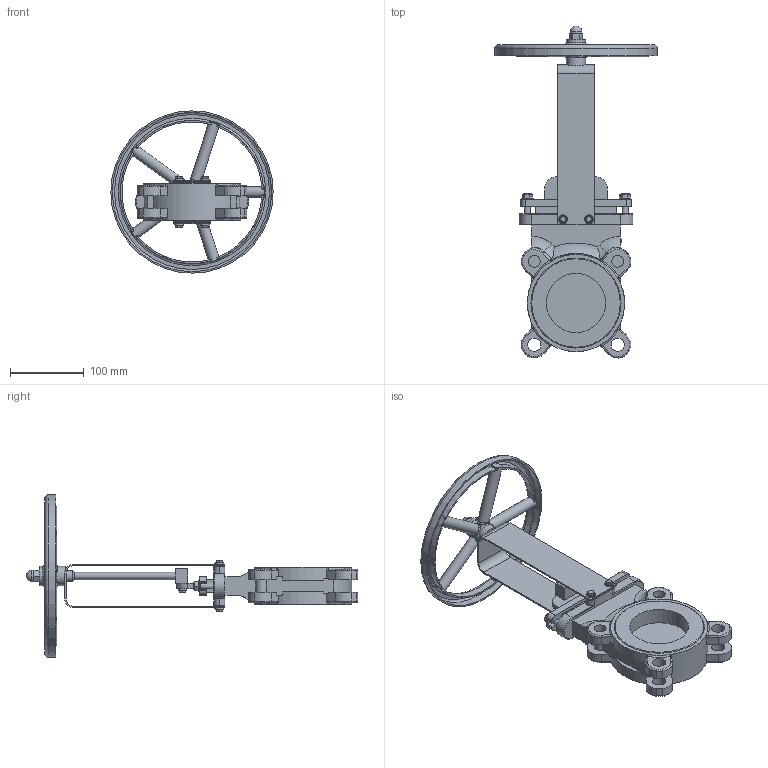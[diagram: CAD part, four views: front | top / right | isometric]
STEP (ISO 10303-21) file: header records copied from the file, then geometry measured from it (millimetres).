
FILE_DESCRIPTION(/* description */ (''),/* implementation_level */ '2;1');
FILE_NAME(/* name */ 'DN80_3D_STEP.stp',/* time_stamp */ '2024-03-31T23:12:05+03:00',/* author */ ('igorr'),/* organization */ (''),/* preprocessor_version */ 'ST-DEVELOPER v19.2',/* originating_system */ 'Autodesk Inventor 2023',/* authorisation */ '');
FILE_SCHEMA (('AUTOMOTIVE_DESIGN { 1 0 10303 214 3 1 1 }'));
Length unit declared in the file: millimetre
Products named in the file (8): Сборка; Деталь1; Деталь4; Деталь5; AS 1427 - M8 x 20; Деталь2; Bolt GB 5789-86-M5 x 10; SS 2180 - M 10
Assembly tree (13 placements, depth 2):
  Сборка
    Деталь1
    Деталь4
    Деталь5
    AS 1427 - M8 x 20  x2
    Деталь2
    Bolt GB 5789-86-M5 x 10  x6
    SS 2180 - M 10
Bounding box: 220 x 449.95 x 220 mm (x, y, z)
Volume: 1097767.6 mm3; surface area: 267911.9 mm2
Topology: 13 solids, 13 shells, 596 faces, 1479 edges, 931 vertices
Faces by surface type: plane 277, cylinder 154, bspline 59, torus 58, cone 47, sphere 1
Full cylindrical faces by diameter (mm): 5 x14, 6.466 x2, 8 x2, 8.376 x1, 10 x1, 15 x6, 16 x7, 18 x4, 26 x2, 80 x2, 216 x1, 220 x1
Entity records: 18778 total; most frequent: CARTESIAN_POINT 6036, ORIENTED_EDGE 2578, DIRECTION 2392, EDGE_CURVE 1289, AXIS2_PLACEMENT_3D 895, VERTEX_POINT 810, LINE 602, VECTOR 602
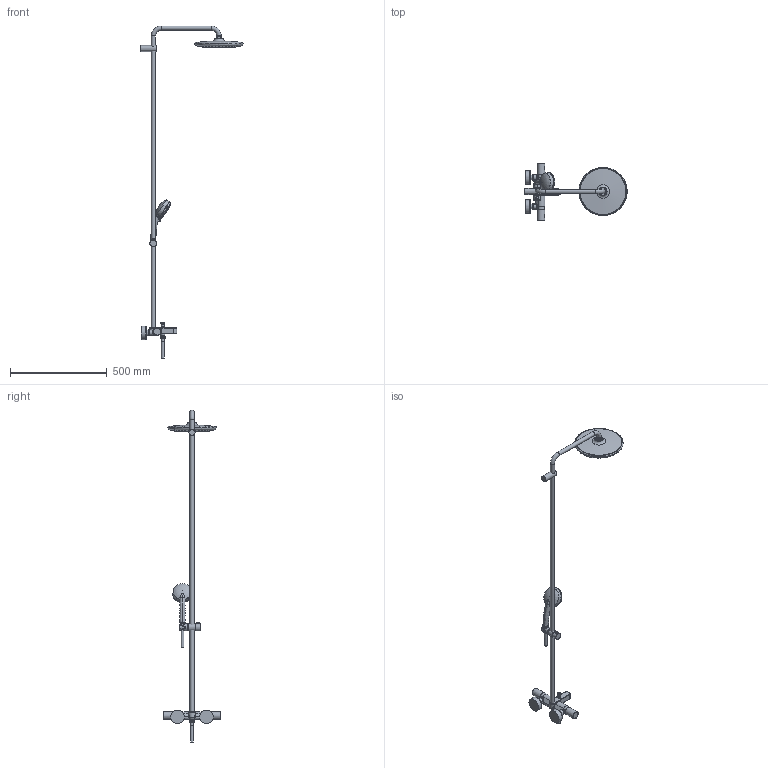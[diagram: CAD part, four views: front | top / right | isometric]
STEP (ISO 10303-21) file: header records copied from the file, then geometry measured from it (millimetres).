
FILE_DESCRIPTION(/* description */ ('Unknown'),/* implementation_level */ '2;1');
FILE_NAME(/* name */ '26672000',/* time_stamp */ '2022-09-08T15:22:40+02:00',/* author */ ('Unknown'),/* organization */ ('GROHE AG'),/* preprocessor_version */ 'ST-DEVELOPER v16.7',/* originating_system */ 'DEX',/* authorisation */ $);
FILE_SCHEMA (('AUTOMOTIVE_DESIGN {1 0 10303 214 3 1 1}'));
Products named in the file (13): 26672000; 26672000_0; 26672000_1; 081107 GTM1000C Handles Update02; 081107 GTM1000C Handles Update02_0; id179; 081107 GTM1000C Handles Update02_1; 40.1203.0 Dummy f黵 Kunde; 50.9697.1_Standard; extrude#; HEALED_BODY_2  ; trim_sur
Assembly tree (12 placements, depth 2):
  26672000
    26672000
    26672000_0
    26672000_1
    081107 GTM1000C Handles Update02
    081107 GTM1000C Handles Update02_0
    id179
    081107 GTM1000C Handles Update02_1
    40.1203.0 Dummy f黵 Kunde
    50.9697.1_Standard
    extrude#
    HEALED_BODY_2  
    trim_sur
Bounding box: 528.92 x 298.45 x 1717.04 mm (x, y, z)
Volume: 403279.5 mm3; surface area: 431858.2 mm2
Topology: 5 solids, 409 shells, 1640 faces, 7056 edges, 5580 vertices
Faces by surface type: bspline 689, cylinder 464, plane 156, cone 141, torus 138, sphere 52
Full cylindrical faces by diameter (mm): 1 x107, 2.2 x3, 2.8 x51, 3.6 x2, 3.8 x126, 5.375 x1, 6.175 x1, 8.925 x1, 9.725 x1, 12.4 x1, 13 x1, 13.2 x1, 15 x2, 15.196 x1, 15.3 x1, 16 x1, 16.2 x1, 16.25 x1, 17.55 x1, 18.196 x1, 19.9 x1, 20.955 x2, 20.96 x1, 22 x3, 23 x2, 27 x2, 31.3 x1, 33.4 x2, 36 x3, 40 x2
Entity records: 106525 total; most frequent: CARTESIAN_POINT 63394, ORIENTED_EDGE 7376, EDGE_CURVE 5501, VERTEX_POINT 4855, DIRECTION 4627, B_SPLINE_CURVE_WITH_KNOTS 3828, FACE_BOUND 2646, EDGE_LOOP 2645
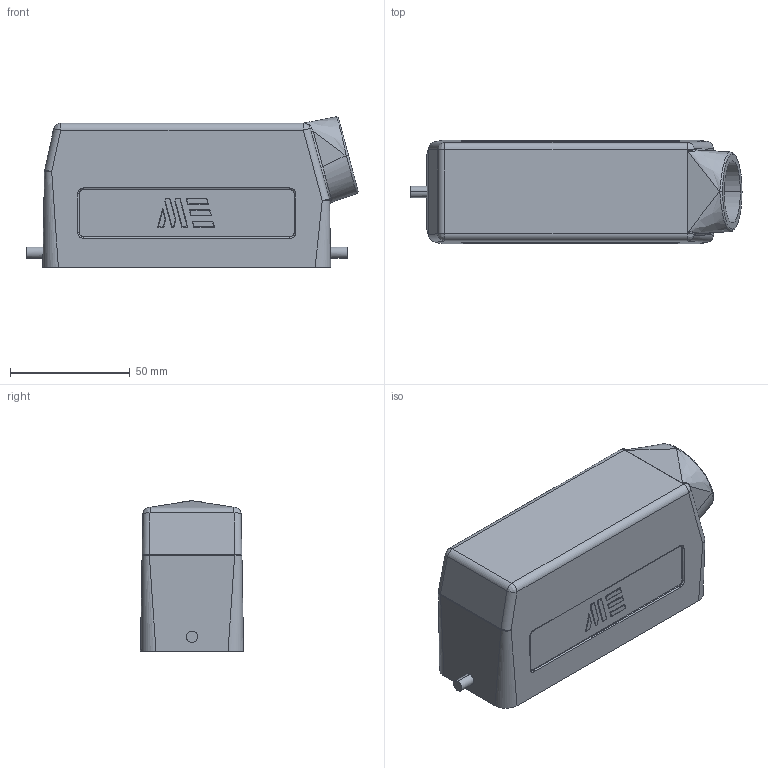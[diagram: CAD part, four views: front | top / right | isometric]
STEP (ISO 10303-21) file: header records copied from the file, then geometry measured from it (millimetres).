
FILE_DESCRIPTION (( 'STEP AP203' ), '1' );
FILE_NAME ('293732905.step', '2025-02-12T17:54:40', ( '' ), ( '' ), 'SwSTEP 2.0', 'SolidWorks 2024', '' );
FILE_SCHEMA (( 'CONFIG_CONTROL_DESIGN' ));
Length unit declared in the file: inch
Products named in the file (1): 293732905
Bounding box: 138.38 x 43 x 62.63 mm (x, y, z)
Volume: 76132 mm3; surface area: 46088.6 mm2
Topology: 1 solids, 1 shells, 302 faces, 699 edges, 415 vertices
Faces by surface type: cylinder 115, plane 115, bspline 66, cone 6
Entity records: 10871 total; most frequent: CARTESIAN_POINT 4637, ORIENTED_EDGE 1386, DIRECTION 1097, EDGE_CURVE 693, VERTEX_POINT 415, LINE 395, VECTOR 395, AXIS2_PLACEMENT_3D 351
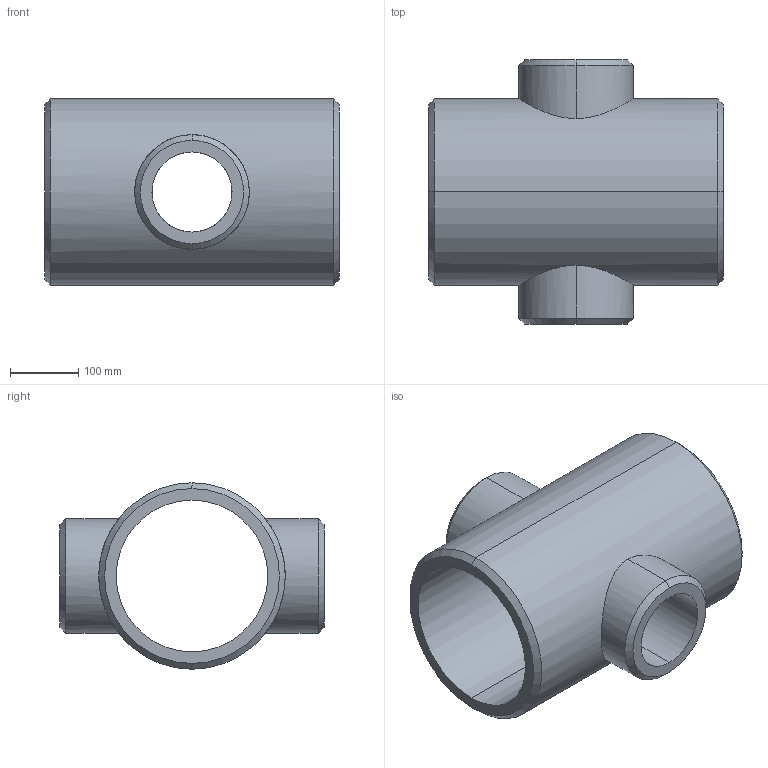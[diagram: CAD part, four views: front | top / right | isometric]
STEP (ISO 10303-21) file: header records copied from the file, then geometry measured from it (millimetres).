
FILE_DESCRIPTION (( 'STEP AP203' ), '1' );
FILE_NAME ('RCross Inch 10x10x6 Sch 140.STEP', '2025-05-08T01:45:14', '' );
FILE_SCHEMA (( 'CONFIG_CONTROL_DESIGN' ));
Length unit declared in the file: inch
Products named in the file (1): RCross Inch 10x10x6 Sch 140
Bounding box: 431.8 x 387.1 x 273.05 mm (x, y, z)
Volume: 9402108.3 mm3; surface area: 792620.1 mm2
Topology: 1 solids, 1 shells, 24 faces, 52 edges, 32 vertices
Faces by surface type: cylinder 12, cone 8, plane 4
Entity records: 1377 total; most frequent: CARTESIAN_POINT 755, DIRECTION 118, ORIENTED_EDGE 104, EDGE_CURVE 52, AXIS2_PLACEMENT_3D 49, EDGE_LOOP 32, VERTEX_POINT 32, ADVANCED_FACE 24

□ □ □ □ □

Brief:
Without including any picture, write out the material above verbatim.

Reply to the task:
[diagram: CAD part, four views: front | top / right | isometric]
STEP (ISO 10303-21) file: header records copied from the file, then geometry measured from it (millimetres).
FILE_DESCRIPTION(/* description */ (''),/* implementation_level */ '2;1');
FILE_NAME(/* name */ 'DN80_3D_STEP.stp',/* time_stamp */ '2024-03-31T23:12:05+03:00',/* author */ ('igorr'),/* organization */ (''),/* preprocessor_version */ 'ST-DEVELOPER v19.2',/* originating_system */ 'Autodesk Inventor 2023',/* authorisation */ '');
FILE_SCHEMA (('AUTOMOTIVE_DESIGN { 1 0 10303 214 3 1 1 }'));
Length unit declared in the file: millimetre
Products named in the file (8): Сборка; Деталь1; Деталь4; Деталь5; AS 1427 - M8 x 20; Деталь2; Bolt GB 5789-86-M5 x 10; SS 2180 - M 10
Assembly tree (13 placements, depth 2):
  Сборка
    Деталь1
    Деталь4
    Деталь5
    AS 1427 - M8 x 20  x2
    Деталь2
    Bolt GB 5789-86-M5 x 10  x6
    SS 2180 - M 10
Bounding box: 220 x 449.95 x 220 mm (x, y, z)
Volume: 1097767.6 mm3; surface area: 267911.9 mm2
Topology: 13 solids, 13 shells, 596 faces, 1479 edges, 931 vertices
Faces by surface type: plane 277, cylinder 154, bspline 59, torus 58, cone 47, sphere 1
Full cylindrical faces by diameter (mm): 5 x14, 6.466 x2, 8 x2, 8.376 x1, 10 x1, 15 x6, 16 x7, 18 x4, 26 x2, 80 x2, 216 x1, 220 x1
Entity records: 18778 total; most frequent: CARTESIAN_POINT 6036, ORIENTED_EDGE 2578, DIRECTION 2392, EDGE_CURVE 1289, AXIS2_PLACEMENT_3D 895, VERTEX_POINT 810, LINE 602, VECTOR 602
[diagram: CAD part, four views: front | top / right | isometric]
STEP (ISO 10303-21) file: header records copied from the file, then geometry measured from it (millimetres).
FILE_DESCRIPTION(/* description */ ('Unknown'),/* implementation_level */ '2;1');
FILE_NAME(/* name */ '26672000',/* time_stamp */ '2022-09-08T15:22:40+02:00',/* author */ ('Unknown'),/* organization */ ('GROHE AG'),/* preprocessor_version */ 'ST-DEVELOPER v16.7',/* originating_system */ 'DEX',/* authorisation */ $);
FILE_SCHEMA (('AUTOMOTIVE_DESIGN {1 0 10303 214 3 1 1}'));
Products named in the file (13): 26672000; 26672000_0; 26672000_1; 081107 GTM1000C Handles Update02; 081107 GTM1000C Handles Update02_0; id179; 081107 GTM1000C Handles Update02_1; 40.1203.0 Dummy f黵 Kunde; 50.9697.1_Standard; extrude#; HEALED_BODY_2  ; trim_sur
Assembly tree (12 placements, depth 2):
  26672000
    26672000
    26672000_0
    26672000_1
    081107 GTM1000C Handles Update02
    081107 GTM1000C Handles Update02_0
    id179
    081107 GTM1000C Handles Update02_1
    40.1203.0 Dummy f黵 Kunde
    50.9697.1_Standard
    extrude#
    HEALED_BODY_2  
    trim_sur
Bounding box: 528.92 x 298.45 x 1717.04 mm (x, y, z)
Volume: 403279.5 mm3; surface area: 431858.2 mm2
Topology: 5 solids, 409 shells, 1640 faces, 7056 edges, 5580 vertices
Faces by surface type: bspline 689, cylinder 464, plane 156, cone 141, torus 138, sphere 52
Full cylindrical faces by diameter (mm): 1 x107, 2.2 x3, 2.8 x51, 3.6 x2, 3.8 x126, 5.375 x1, 6.175 x1, 8.925 x1, 9.725 x1, 12.4 x1, 13 x1, 13.2 x1, 15 x2, 15.196 x1, 15.3 x1, 16 x1, 16.2 x1, 16.25 x1, 17.55 x1, 18.196 x1, 19.9 x1, 20.955 x2, 20.96 x1, 22 x3, 23 x2, 27 x2, 31.3 x1, 33.4 x2, 36 x3, 40 x2
Entity records: 106525 total; most frequent: CARTESIAN_POINT 63394, ORIENTED_EDGE 7376, EDGE_CURVE 5501, VERTEX_POINT 4855, DIRECTION 4627, B_SPLINE_CURVE_WITH_KNOTS 3828, FACE_BOUND 2646, EDGE_LOOP 2645
[diagram: CAD part, four views: front | top / right | isometric]
STEP (ISO 10303-21) file: header records copied from the file, then geometry measured from it (millimetres).
FILE_DESCRIPTION (( 'STEP AP203' ), '1' );
FILE_NAME ('293732905.step', '2025-02-12T17:54:40', ( '' ), ( '' ), 'SwSTEP 2.0', 'SolidWorks 2024', '' );
FILE_SCHEMA (( 'CONFIG_CONTROL_DESIGN' ));
Length unit declared in the file: inch
Products named in the file (1): 293732905
Bounding box: 138.38 x 43 x 62.63 mm (x, y, z)
Volume: 76132 mm3; surface area: 46088.6 mm2
Topology: 1 solids, 1 shells, 302 faces, 699 edges, 415 vertices
Faces by surface type: cylinder 115, plane 115, bspline 66, cone 6
Entity records: 10871 total; most frequent: CARTESIAN_POINT 4637, ORIENTED_EDGE 1386, DIRECTION 1097, EDGE_CURVE 693, VERTEX_POINT 415, LINE 395, VECTOR 395, AXIS2_PLACEMENT_3D 351
[diagram: CAD part, four views: front | top / right | isometric]
STEP (ISO 10303-21) file: header records copied from the file, then geometry measured from it (millimetres).
FILE_DESCRIPTION (( 'STEP AP203' ), '1' );
FILE_NAME ('RCross Inch 10x10x6 Sch 140.STEP', '2025-05-08T01:45:14', '' );
FILE_SCHEMA (( 'CONFIG_CONTROL_DESIGN' ));
Length unit declared in the file: inch
Products named in the file (1): RCross Inch 10x10x6 Sch 140
Bounding box: 431.8 x 387.1 x 273.05 mm (x, y, z)
Volume: 9402108.3 mm3; surface area: 792620.1 mm2
Topology: 1 solids, 1 shells, 24 faces, 52 edges, 32 vertices
Faces by surface type: cylinder 12, cone 8, plane 4
Entity records: 1377 total; most frequent: CARTESIAN_POINT 755, DIRECTION 118, ORIENTED_EDGE 104, EDGE_CURVE 52, AXIS2_PLACEMENT_3D 49, EDGE_LOOP 32, VERTEX_POINT 32, ADVANCED_FACE 24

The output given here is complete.